Miré al hermano y sintió en lo que yo pensaba.
“También yo”, dijo “maldije la vida”.
“Pero maldije por ignorancia”.
“Dios se lo perdonará también a usted, así como me perdonó a mí.
Venga, levántese y acompáñeme; le agradezco la fuerza de voluntad que mostró”.
Tomé las manos del hermano y las besé.
“Eso no, Gerhard, no es a mí a quien debe agradecer todo, sino a Dios, y ahora acompáñeme”.
Tomados del brazo regresamos al edificio y me sentí como el hijo pródigo que volvía.
Me había convertido en otra persona.
“Ahora es libre”, dijo el hermano, “y solo ahora podemos volver a la tierra; esa es su recompensa”.

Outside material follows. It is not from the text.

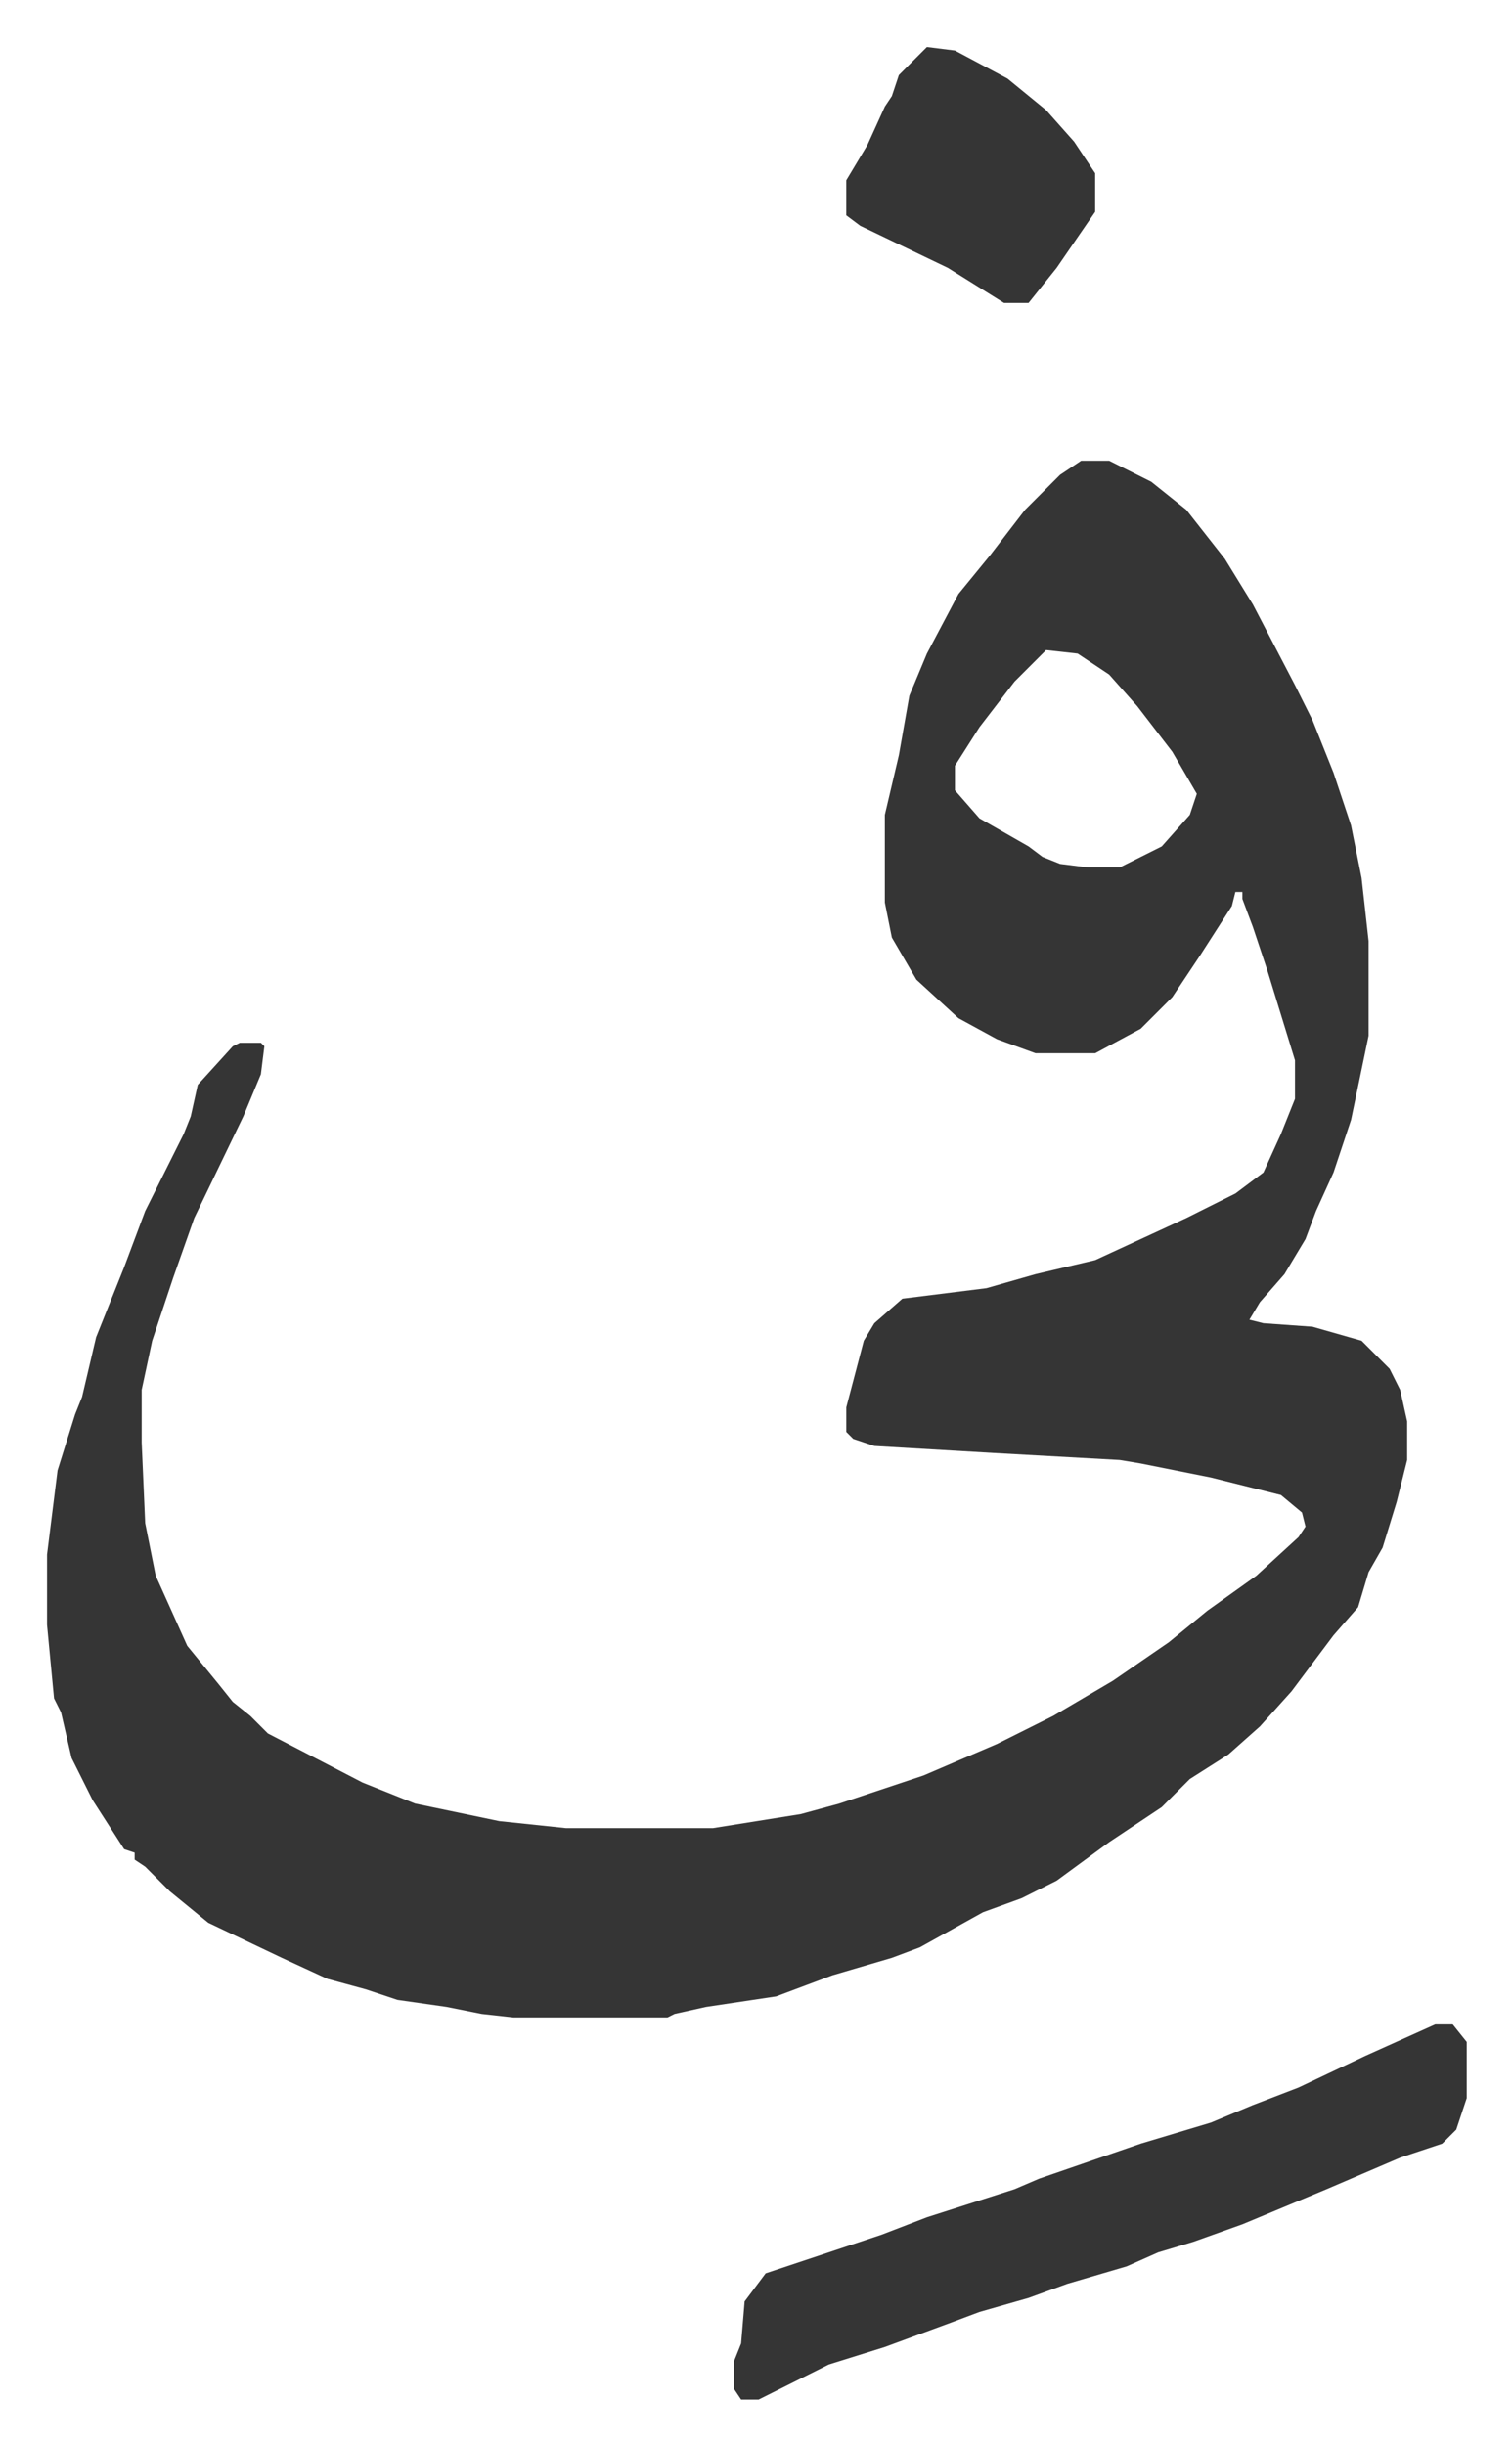 <svg xmlns="http://www.w3.org/2000/svg" role="img" viewBox="-13.41 494.59 431.32 697.32"><path fill="#353535" id="rule_normal" d="M295 626h8l12 6 10 8 11 14 8 13 12 23 5 10 6 15 5 15 3 15 2 18v27l-5 24-5 15-5 11-3 8-6 10-7 8-3 5 4 1 14 1 14 4 8 8 3 6 2 9v11l-3 12-4 13-4 7-3 10-7 8-12 16-9 10-9 8-11 7-8 8-15 10-15 11-10 5-11 4-18 10-8 3-17 5-16 6-20 3-9 2-2 1h-44l-9-1-10-2-14-2-9-3-11-3-13-6-21-10-11-9-7-7-3-2v-2l-3-1-9-14-6-12-3-13-2-4-2-21v-20l3-24 5-16 2-5 4-17 8-20 6-16 7-14 4-8 2-5 2-9 10-11 2-1h6l1 1-1 8-5 12-14 29-6 17-6 18-3 14v15l1 23 3 15 9 20 9 11 4 5 5 4 5 5 27 14 15 6 24 5 19 2h42l25-4 11-3 24-8 21-9 16-8 17-10 16-11 11-9 14-10 12-11 2-3-1-4-6-5-20-5-20-4-6-1-36-2-34-2-6-2-2-2v-7l5-19 3-5 8-7 24-3 14-4 17-4 26-12 14-7 8-6 5-11 4-10v-11l-8-26-4-12-3-8v-2h-2l-1 4-9 14-8 12-9 9-13 7h-17l-11-4-11-6-12-11-7-12-2-10v-25l4-17 3-17 5-12 9-17 9-11 10-13 10-10zm-10 54l-9 9-10 13-7 11v7l7 8 14 8 4 3 5 2 8 1h9l12-6 8-9 2-6-7-12-10-13-8-9-9-6zm111 392h5l4 5v16l-3 9-4 4-12 4-21 9-24 10-14 5-10 3-9 4-17 5-11 4-14 4-8 3-19 7-16 5-16 8-4 2h-5l-2-3v-8l2-5 1-12 6-8 33-11 13-5 25-8 7-3 29-10 20-6 12-5 13-5 19-9zM251 508l8 1 15 8 11 9 8 9 6 9v11l-11 16-8 10h-7l-16-10-25-12-4-3v-10l6-10 5-11 2-3 2-6z"/></svg>

“¿A la tierra?”, pregunté sorprendido.
“Sí, a la tierra.
¿Acaso no tiene deseos de ver a sus familiares?
¿A su mujer e hija, por ejemplo?”.
“Pues claro que tengo ganas de volver a verlas”.
“Entonces vendré a buscarlo, porque ahora lo dejo, ya que tendrá necesidad de estar solo por un momento”.
El hermano se fue.
De inmediato me arrodillé y le recé larga y fervorosamente a mi gran Padre, al que pedí perdón.
Después me entró una gloriosa paz, y me acosté para pensar y descansar.
Ahora había silencio en mi interior; nada perturbaba la paz y me sentía feliz; la primera felicidad natural desde mi muerte en la tierra.